- [RECORDS]:

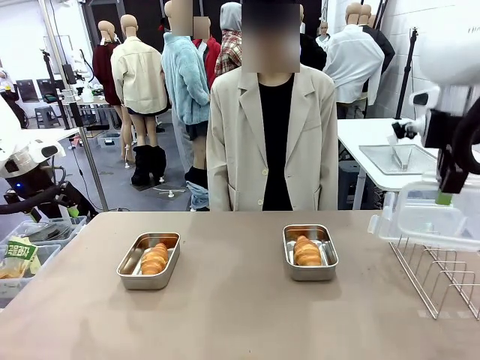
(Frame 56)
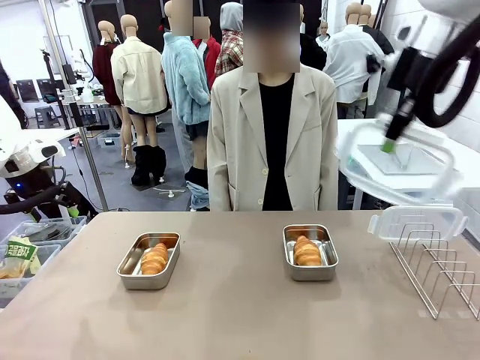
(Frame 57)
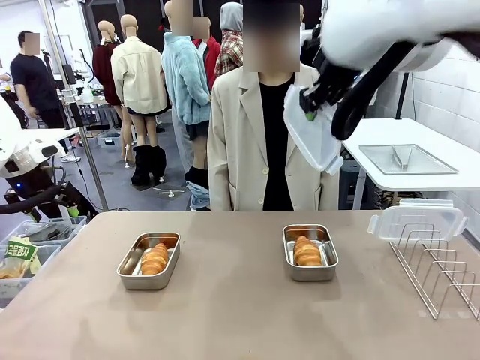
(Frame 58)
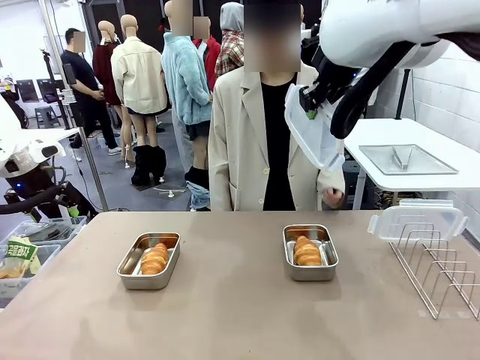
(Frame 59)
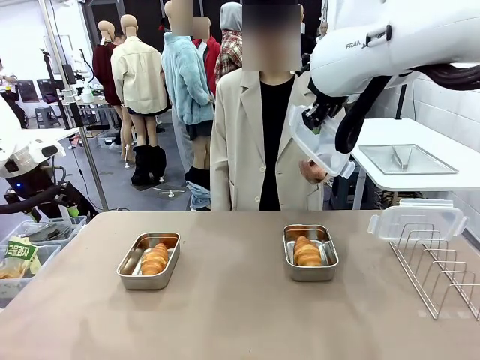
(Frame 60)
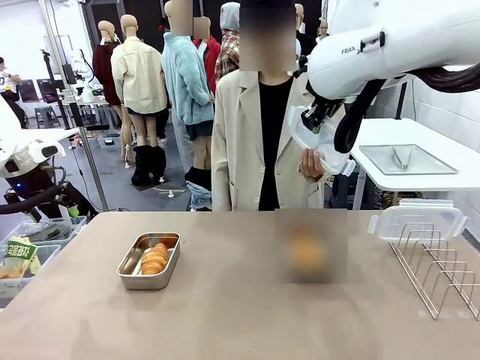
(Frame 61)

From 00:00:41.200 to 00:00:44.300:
Task: Place the bread in airtight containers.
Robot: Release when the human grabs the Airtight Container lid.
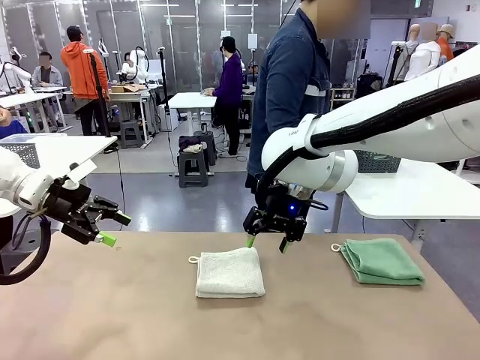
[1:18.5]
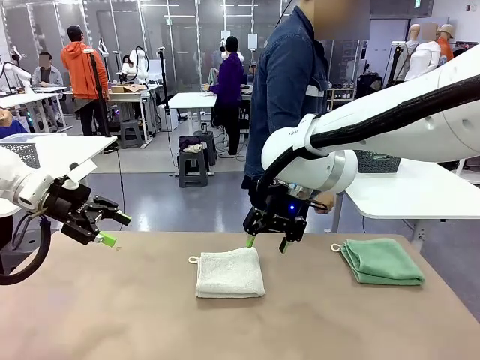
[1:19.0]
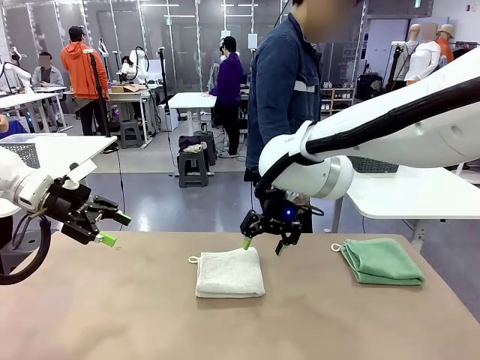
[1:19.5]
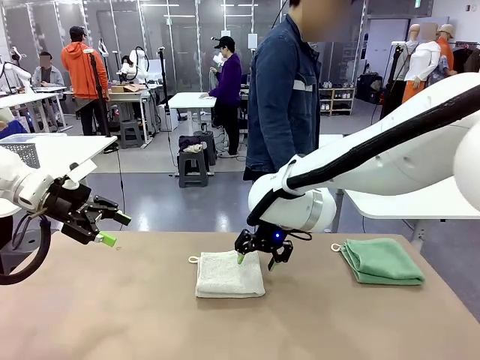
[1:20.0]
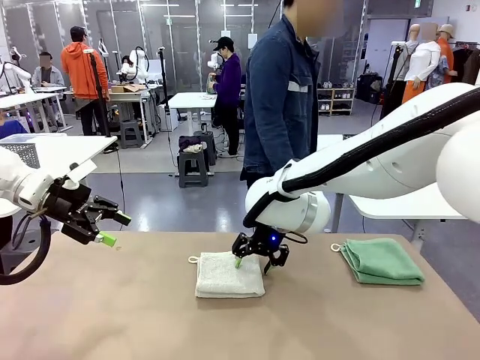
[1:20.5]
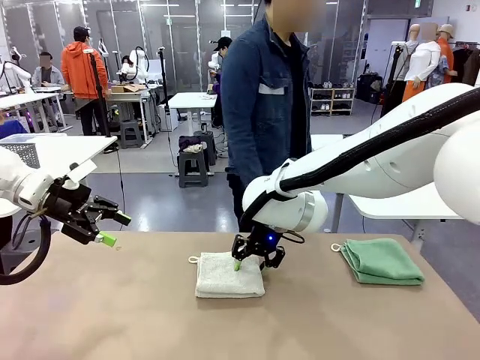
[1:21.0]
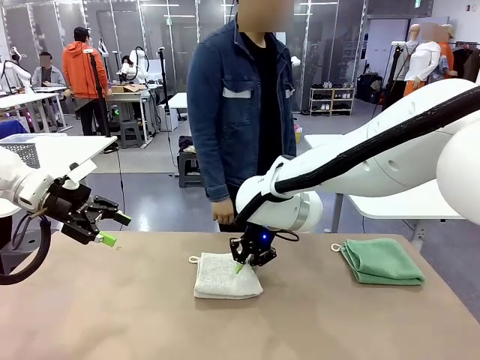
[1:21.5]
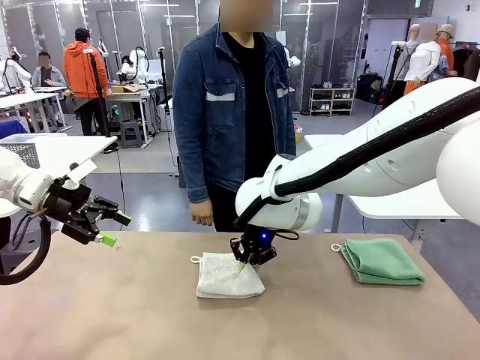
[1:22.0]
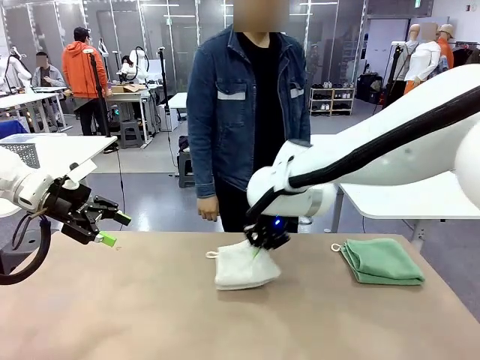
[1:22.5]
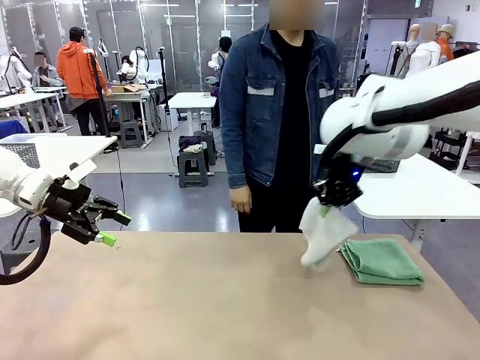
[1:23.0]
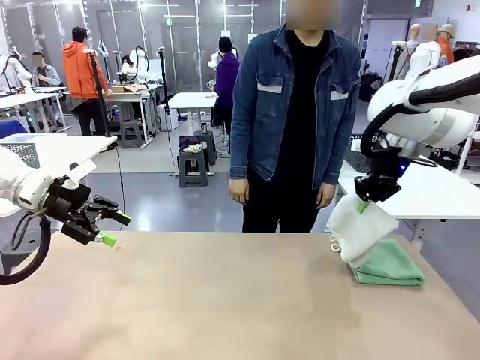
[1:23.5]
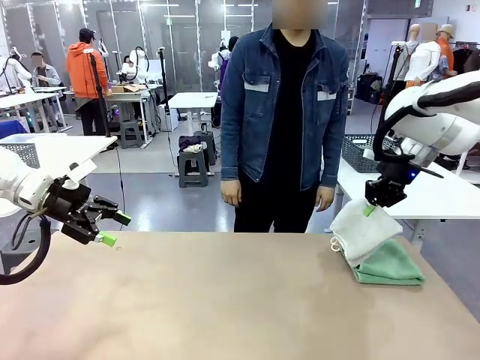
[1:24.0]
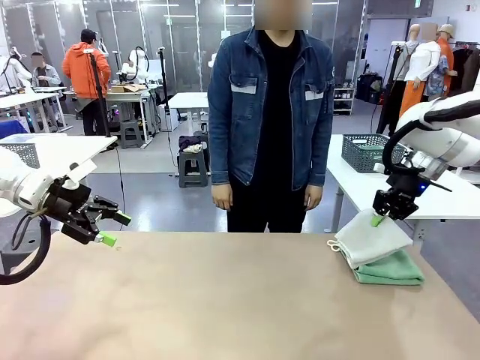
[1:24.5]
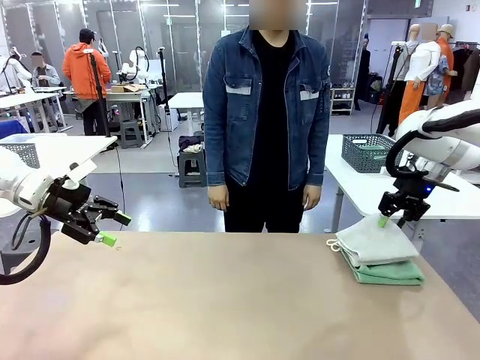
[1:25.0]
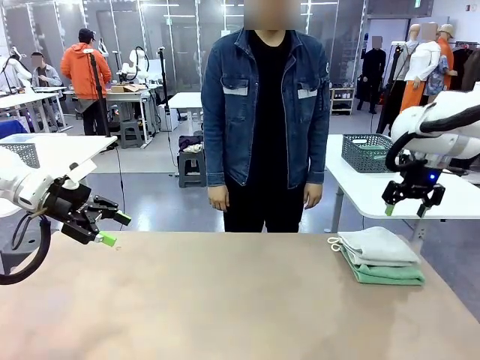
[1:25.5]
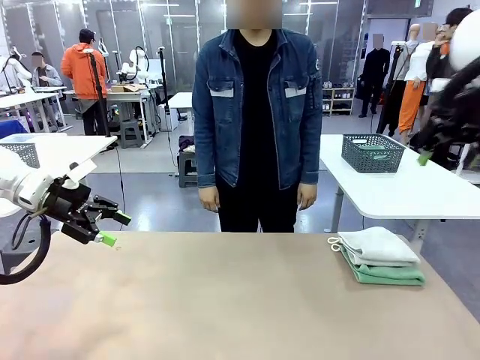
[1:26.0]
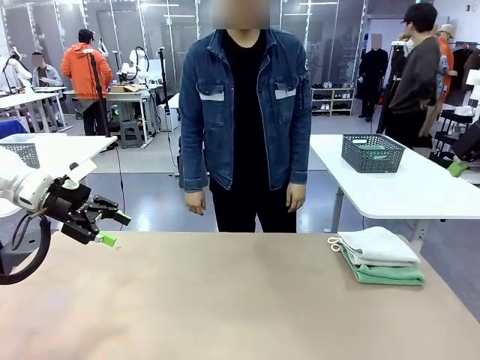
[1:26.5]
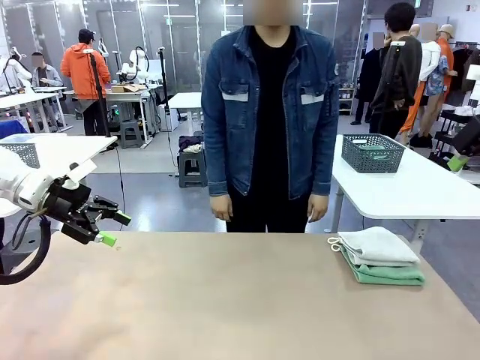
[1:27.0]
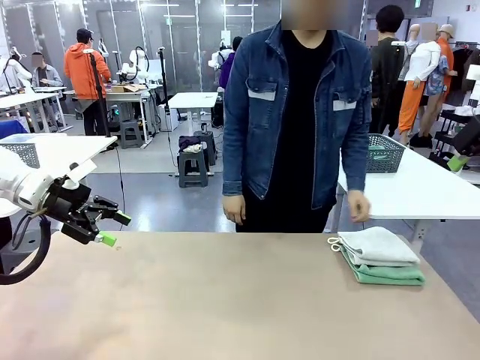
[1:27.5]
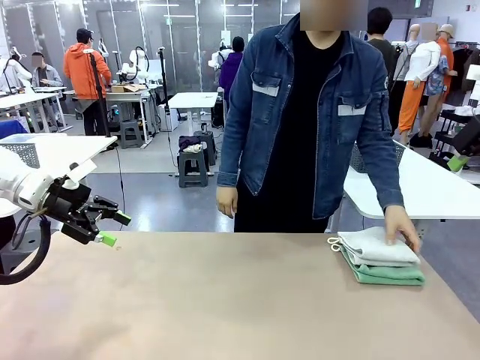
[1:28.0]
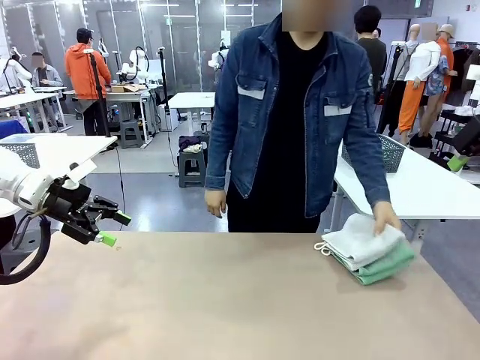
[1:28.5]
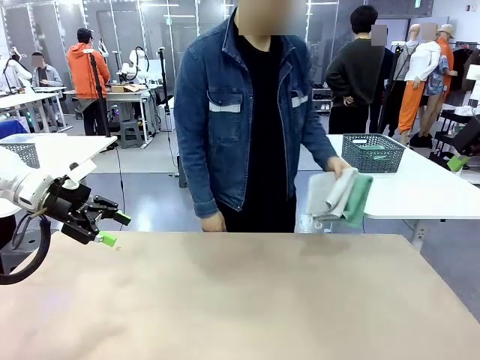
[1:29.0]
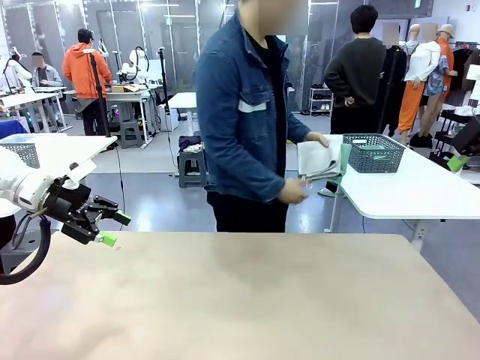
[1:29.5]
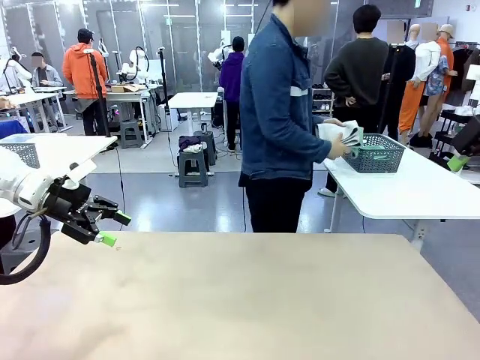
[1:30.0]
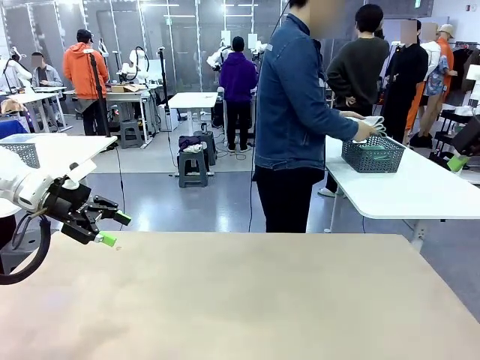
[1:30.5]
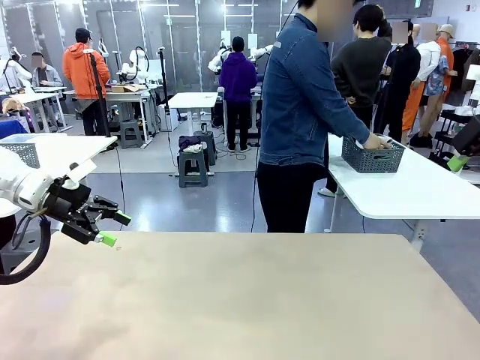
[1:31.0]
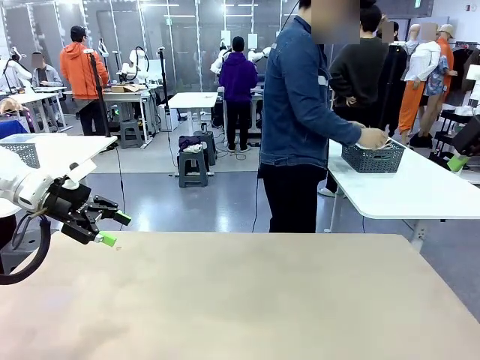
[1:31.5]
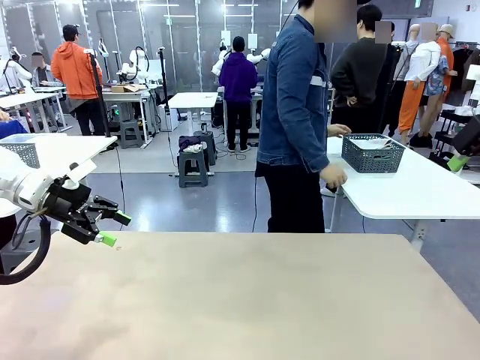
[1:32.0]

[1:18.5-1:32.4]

- [WORK TASK]:
Every line above should be transcribed word for word; leave the pictures out.

- [SOLUTION TO THIS TASK]:
(Frame 56)
(Frame 57)
(Frame 58)
(Frame 59)
(Frame 60)
(Frame 61)

From 00:00:41.200 to 00:00:44.300:
Task: Place the bread in airtight containers.
Robot: Release when the human grabs the Airtight Container lid.
[1:18.5]
[1:19.0]
[1:19.5]
[1:20.0]
[1:20.5]
[1:21.0]
[1:21.5]
[1:22.0]
[1:22.5]
[1:23.0]
[1:23.5]
[1:24.0]
[1:24.5]
[1:25.0]
[1:25.5]
[1:26.0]
[1:26.5]
[1:27.0]
[1:27.5]
[1:28.0]
[1:28.5]
[1:29.0]
[1:29.5]
[1:30.0]
[1:30.5]
[1:31.0]
[1:31.5]
[1:32.0]

[1:18.5-1:32.4]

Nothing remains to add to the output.